Doon se abrochó el arnés en la cintura y se puso el impermeable. Éste, por alguna razón, olía a pies sudorosos.

—Por aquí —le dijo Arlin, sin saludar ni sonreír.

Zigzagueó a través de la multitud de trabajadores hasta llegar a una puerta con un cartel en el que se leía «ESCALERA» y la abrió.

Los escalones de piedra descendían a tal profundidad que Doon no podía ver el final. A cada lado se levantaban paredes de piedra rojiza, que brillaban por la humedad. No había pasamanos. Un alambre recorría el techo, del que colgaban, a intervalos, bombillas sueltas. El agua formaba charcos en los huecos, producto de años de erosión de la piedra por el paso de la gente.

Comenzaron a bajar. Doon se concentró en sus pies, ya que las aparatosas botas hacían que le fuera muy difícil no tambalearse. Mientras avanzaban hacia las profundidades, comenzó a oír un leve rugido, tan leve que le parecía escucharlo más con el estómago que con los oídos. El ruido aumentó y aumentó. ¿Sería, quizá, un aparato de algún tipo? ¿Sería el generador?

La escalera terminó frente a una puerta que indicaba «TÚNEL PRINCIPAL». Arlin la abrió, y mientras avanzaban, Doon se dio cuenta de que el sonido que había estado oyendo no era el de una máquina. Era el río.

Permaneció quieto, observando. Como la mayoría de la gente, nunca había estado del todo seguro de qué era un río. Sabía que se trataba de agua que, de algún modo, fluía sola. Había imaginado que se trataría de algo parecido a la pequeña corriente clara que salía del grifo de la cocina, sólo que más, grande y horizontal, en vez de vertical. Pero esto era enteramente distinto: no se trataba de una corriente de agua, sino de infinitas toneladas pasando ante él. El río, tan ancho como la calle más ancha de Las Ascuas, se arremolinaba, descendiendo y agitándose, y su superficie turbulenta se asemejaba a un cristal líquido negro, salpicado de motas de luz. Doon nunca había visto nada que se moviera tan rápido, y jamás había oído nada parecido a ese ruido atronador, que casi hacía que se le parara el corazón.

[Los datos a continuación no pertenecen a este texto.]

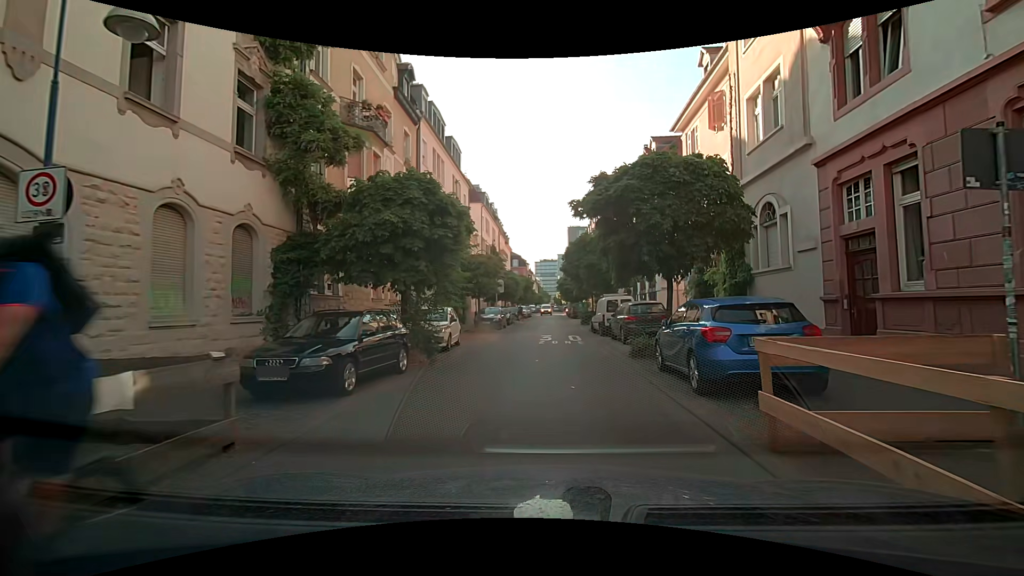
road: residential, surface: asphalt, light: Day
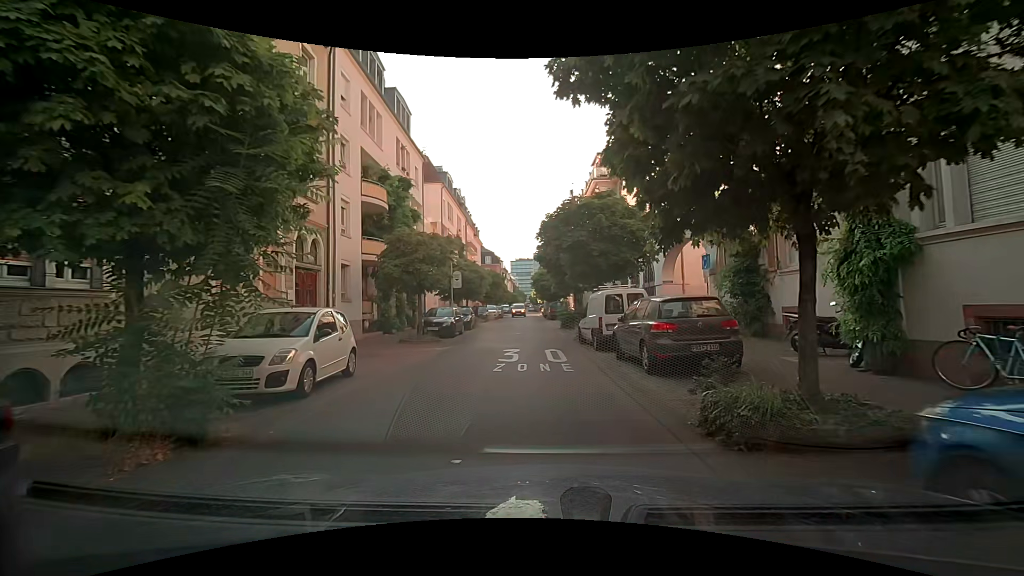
(+0.5, +8.3) m; +4°
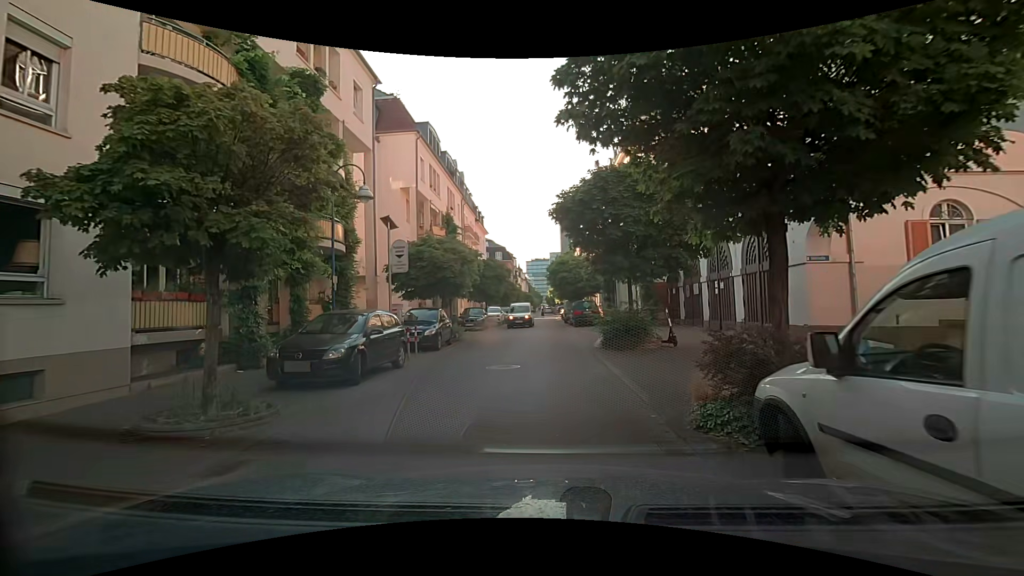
(-0.2, +13.7) m; -1°
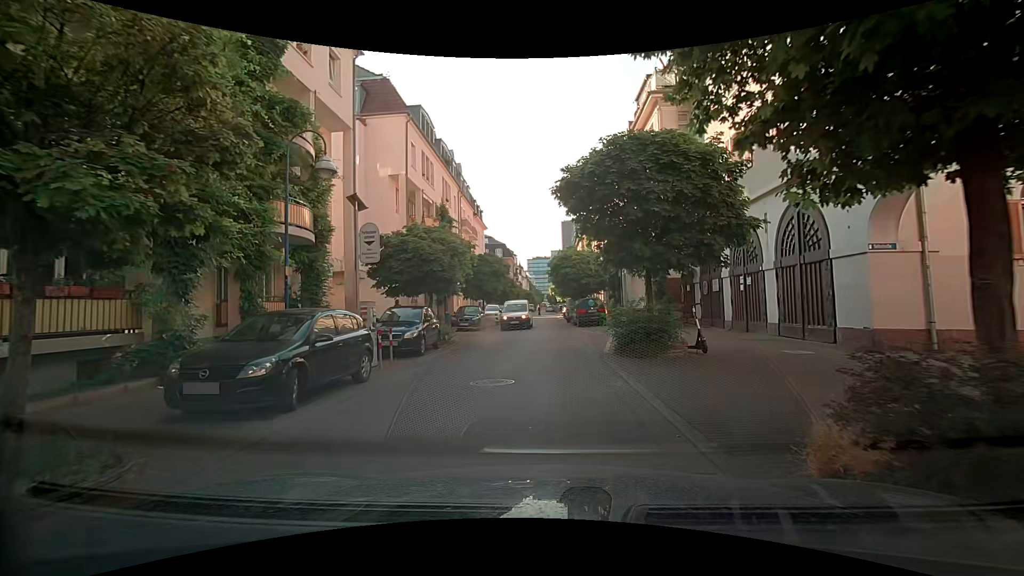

Estaban situados en un camino de dos metros de ancho, paralelo al río y que avanzaba en ambas direcciones, en un tramo del que Doon no podía ver el final. En la pared que seguía el camino había unas aberturas. «Deben de llevar a los túneles que se ramifican bajo la ciudad», pensó Doon. En el techo arqueado había una serie de bombillas similares a las del pasillo.

Doon sabía que estaba situado bajo la zona norte de Las Ascuas. En el colegio les enseñaban a recordar las direcciones de la siguiente manera: el norte era la dirección del río; el sur era la dirección de los invernaderos; el este era la dirección de la escuela, y el oeste la dirección que quedaba, porque hacia allí no había nada de interés. Todos los túneles de las tuberías eran ramificaciones del túnel principal, que se dirigía en dirección sur, hacia la ciudad.

Arlin se acercó a Doon y le gritó al oído:

—Primero iremos al inicio del río.

Lo llevó por el túnel principal durante un largo rato. Pasaron a otras personas vestidas con impermeable amarillo, que saludaron a Arlin con un gesto y observaron a Doon con curiosidad. Tras unos quince minutos, llegaron al límite este de las tuberías. El río brotaba de un abismo profundo, situado en el suelo, y se arremolinaba tan violentamente que el agua oscura se tornaba blanca y llenaba el aire con un rocío que mojaba la cara de Doon.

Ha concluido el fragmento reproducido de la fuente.